NasionalPolitik

Bantah Cetak Pamflet, BPN Prabowo Pastikan Tidak Ada Politisasi Dalam Salat Jumat

Bantah Cetak Pamflet, BPN Prabowo Pastikan Tidak Ada Politisasi Dalam Salat Jumat

Ketua Umum Partai Gerindra, Prabowo Subianto direncanakan bakal melaksanakan salat Jumat di Masjid Agung Semarang, Jum’at (15/2). Ketua Masjid Agung Semarang, KH Hanief Ismail menegaskan tidak melarang capres Prabowo Subianto salat di Jumat di Masjid Agung Semarang (MAS) atau Masjid Kauman Semarang, melainkan hanya keberatan adanya pamflet dianggap politisasi.

Badan Pemenangan Nasional (BPN) Prabowo-Sandiaga Uno menegaskan pihaknya tidak pernah membuat pamflet ajakan tersebut.

“Tidak ada pihak kami yang membuat pamflet. Kami nggak pernah membuat pamflet. Baik DPD Gerindra maupun BP Provinsi Jateng. Jadi pamflet ajakan dan segala macam itu bukan dari kami,” kata Juru Bicara BPN Prabowo-Sandiaga, Andre Rosiade kepada wartawan, Kamis (14/2/2019).

Dikatakan Andre, pihaknya juga tidak mengetahui soal pamflet ajakan untuk salat bersama Prabowo di Masjid Kauman Semarang itu.

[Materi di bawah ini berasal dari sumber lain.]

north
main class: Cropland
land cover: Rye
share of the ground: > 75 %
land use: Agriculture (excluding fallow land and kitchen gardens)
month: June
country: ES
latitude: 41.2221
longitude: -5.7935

“Kami nggak tahu (siapa yang bikin),” tuturnya.

Bantah Cetak Pamflet, BPN Prabowo Pastikan Tidak Ada Politisasi Dalam Salat Jumat (kanalutama.com)
Bantah Cetak Pamflet, BPN Prabowo Pastikan Tidak Ada Politisasi Dalam Salat Jumat

Andre juga menegaskan bahwa tidak ada niat dari mantan Danjen Kopassus itu untuk mempolitisasi ibadah maupun masjid. Prabowo murni ingin melakukan salat Jumat di masjid bersejarah tersebut, karena pada tanggal 15 Februari, Prabowo akan menyampaikan pidato kebangsaan di Semarang.

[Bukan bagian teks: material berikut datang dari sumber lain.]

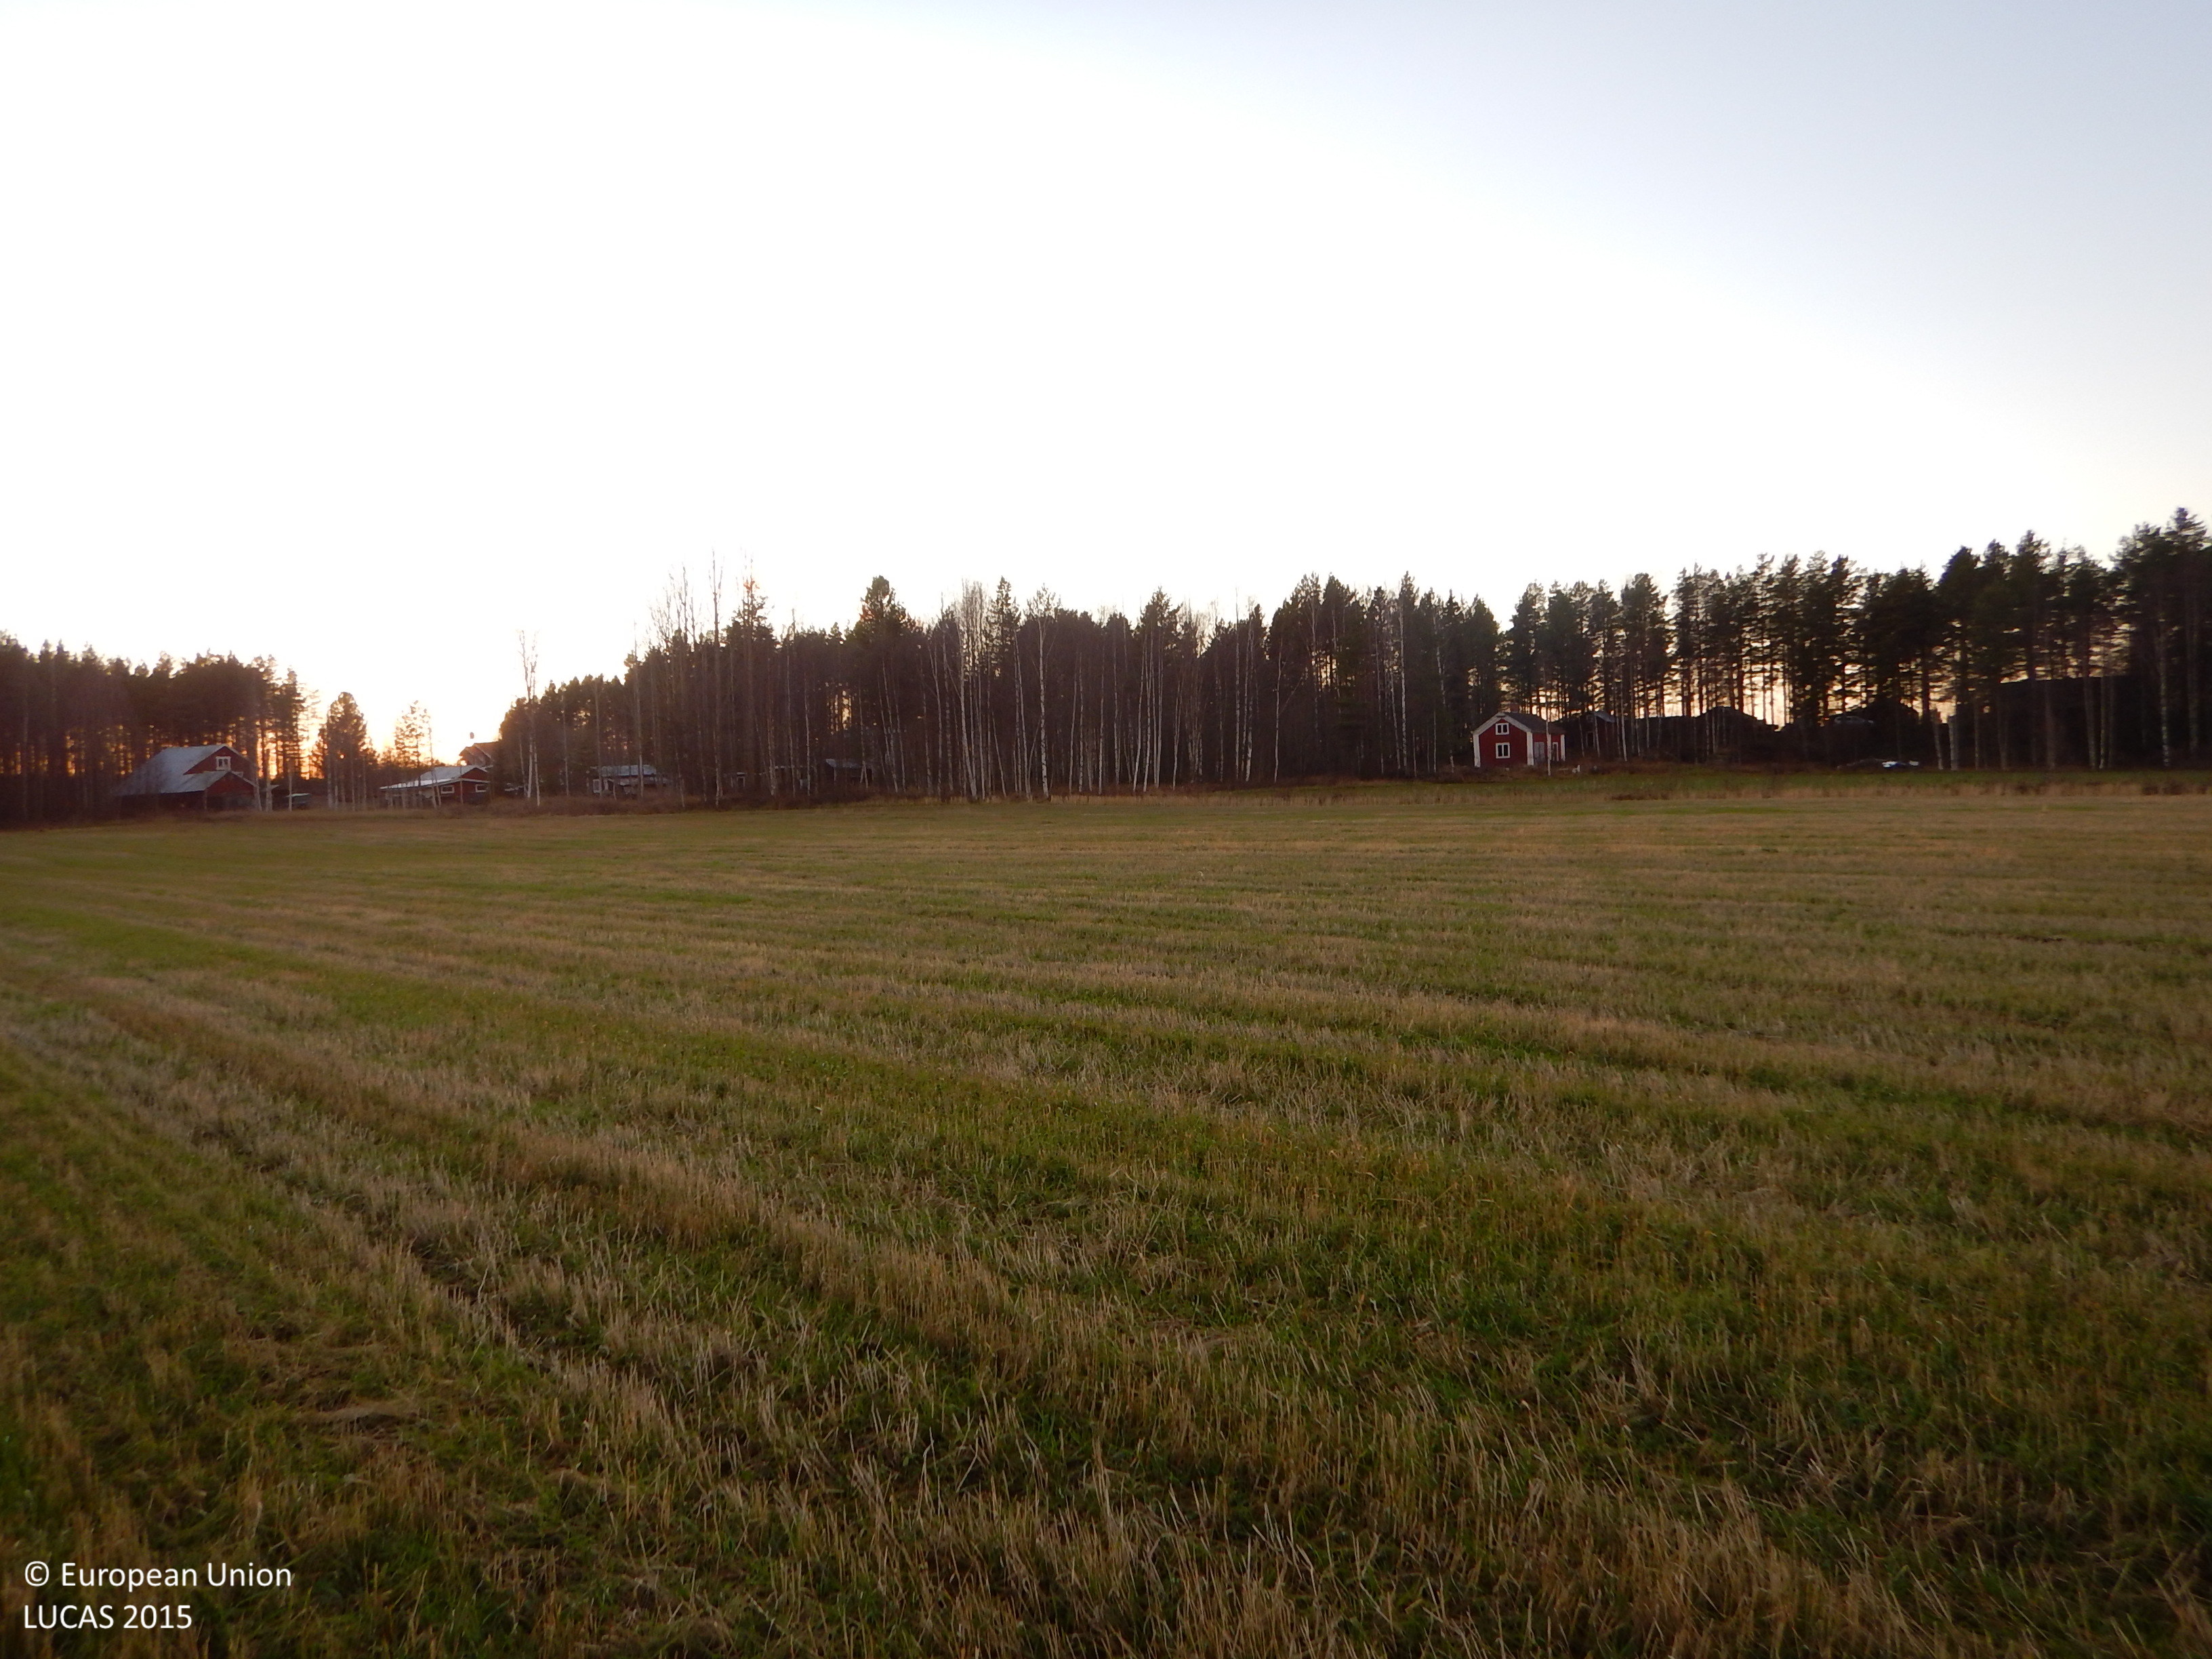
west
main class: Cropland
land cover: Temporary grasslands
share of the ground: > 75 %
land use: Agriculture (excluding fallow land and kitchen gardens)
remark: Harvested field
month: November
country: SE
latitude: 65.3351
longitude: 21.2057

“Saya rasa semua umat Islam berhak dong pergi salat, dan Pak Prabowo kan nggak minta safnya dimundurin satu saf. Nih saya mau menjelaskan secara detail kepada Pak Ketua Takmir. Mempolitisasi itu membawa wartawan dan kameramen ke dalam masjid, dan safnya dimundurin satu saf supaya ada ruang bagi wartawan untuk foto-foto. Itu yang dinamakan politisasi salat, politisasi masjid. Pak Prabowo kan hanya numpang salat sebagai umat Islam,” jelas Andre.

“Kan kebetulan pada tanggal 15 itu Pak Prabowo ada kegiatan di Semarang. Karena masjid Kauman itu masjid bersejarah dan masjid besar di Semarang. Jadi nggak ada niat untuk politisasi,” lanjutnya.

Wakil Sekjen Partai Gerindra itu juga mengungkapkan, saat ini pihaknya tengah berkomunikasi dengan KH Hanief Ismail untuk mengklarifikasi perihal tersebut.

“Saat ini menurut informasi, Pak Wahid, DPD Gerindra dan DPC Gerindra di Semarang lagi berkomunikasi dengan Ketua Takmir masjid untuk mengklarifikasi dan menjelaskan bahwa tidak ada politisasi. Jadi ada tim yang lagi membangun komunikasi di sana,” tandas Andre.

Sebelumnya beredar kabar bahwa KH Hanief Ismail keberatan adanya rencana Prabowo Subianto akan melaksanakan salat Jumat di Masjid Agung Semarang, Jum’at (15/2) besok. Alasannya salat Jumat yang akan diadakan oleh Prabowo itu dinilai mempolitisir ibadah dan memakai masjid untuk kepentingan politik.